What are Employee Satisfaction Survey Best Practices?

May 4, 2017

Employee satisfaction is vital for employee motivation which drives them towards success. Satisfied employees are highly motivated to deliver superior products and services which in turn leads to greater customer satisfaction and spurt in sales. Thus, the importance of conducting periodic Employee Satisfaction Surveys can never be undermined. But it has been seen many times that despite been best of the intention of the human resource department the surveys, results in utter failure. To understand why this happens, as a human resource manager; you should find out what are Employee Satisfaction Survey Best Practices?

According to a study done by Gallup, “Companies with highly engaged workforces outperform their peers by 147% in earnings per share.” But the lop side of this rosy picture is a matter which is fast becoming a headache for the Human Resource managers. In the same survey, Gallup reported: “87% of employees worldwide are not engaged at work.” So even after spending so much on employee surveys and taking huge employee engagement initiatives what are factors which are eating the satisfaction or motivation level of employees worldwide?

The purpose of Employee Satisfaction Survey:

Employee Satisfaction Survey findings can become a valued management information tool and can be used to identify, simplify and prioritize job roles, monitor the effectiveness of change initiatives, establish performance, and coaching and mentoring objectives for managers, and provide metrics for the “people” quadrant of the balanced scorecard. But before conducting any random employee satisfaction or employee engagement survey, you, as a human resource professional; must understand what the Employee Satisfaction Survey Best Practices are and how to churn out the ROI (Return on Investment) from such surveys.

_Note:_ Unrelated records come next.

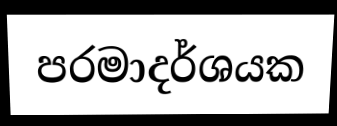
පරමාදර්ශයක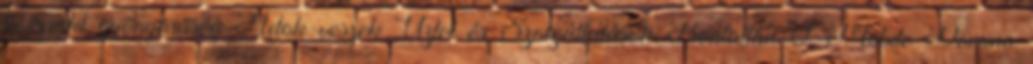
kompakt gyönyörűség Adok-veszek Üzlet és Szolgáltatások Bontatlan T-Mobile Domino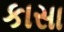
કાસા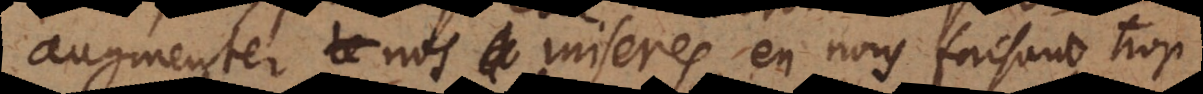
augmenter nos miseres, en nous faisant trop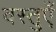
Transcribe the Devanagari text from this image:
वस्‍तुएँ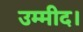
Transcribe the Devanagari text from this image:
उम्मीद।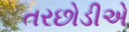
તરછોડીએ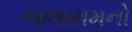
જલારામનો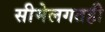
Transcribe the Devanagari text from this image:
सीमेलगतही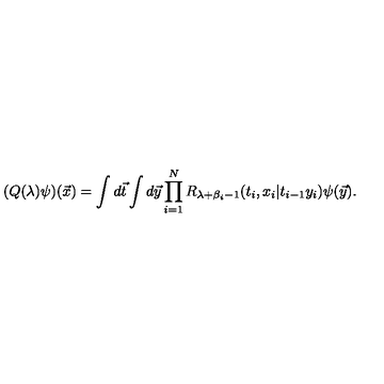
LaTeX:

Employee Satisfaction Survey Best Practices:

1) Establish clear goals and objectives before you conduct any survey: Take time to chalk out the overall goals and objectives of the survey and define the anticipated return on investment. To do this do introspection by asking the question: “What does your company hope to achieve and what could be the desired implications on company performance post survey results are collated and communicated across all levels?

2) Focus on what you really want to measure: There are various triggers behind employee satisfaction, engagement, and motivation. Different employees are satisfied by different triggers and it varies from group to group of employees. There cannot be one size fit all survey.  So as human resource professional you need to conduct specific surveys on the specific department, units, and group of employees. If you plan to conduct a single survey for all employees make sure you keep the measurable factors behind employees’ satisfaction to the bare minimum.

3) Encourage employees to participate: Employee participation are a matter of concern. If there is a sizeable percentage of a dropout in attending the satisfaction survey, the result data fed into analytics would show wrong results. Employees should be encouraged by communicating that the survey responses would be kept confidential. This can be easily done if you employ a third-party HR vendor who conducts the online survey. And additionally, would result in huge cost savings.

4) Communicate results and reports back to employees post survey: Don’t keep the employees blind on survey results. As they have spent time and energy in the survey, communicate one-to-one the survey results even if it would take a considerable amount of time. This would bring transparency throughout the survey process. The employees would find their opinions are valued, and the organization intends to act on the employee satisfaction survey results to bring in positive changes in the organization.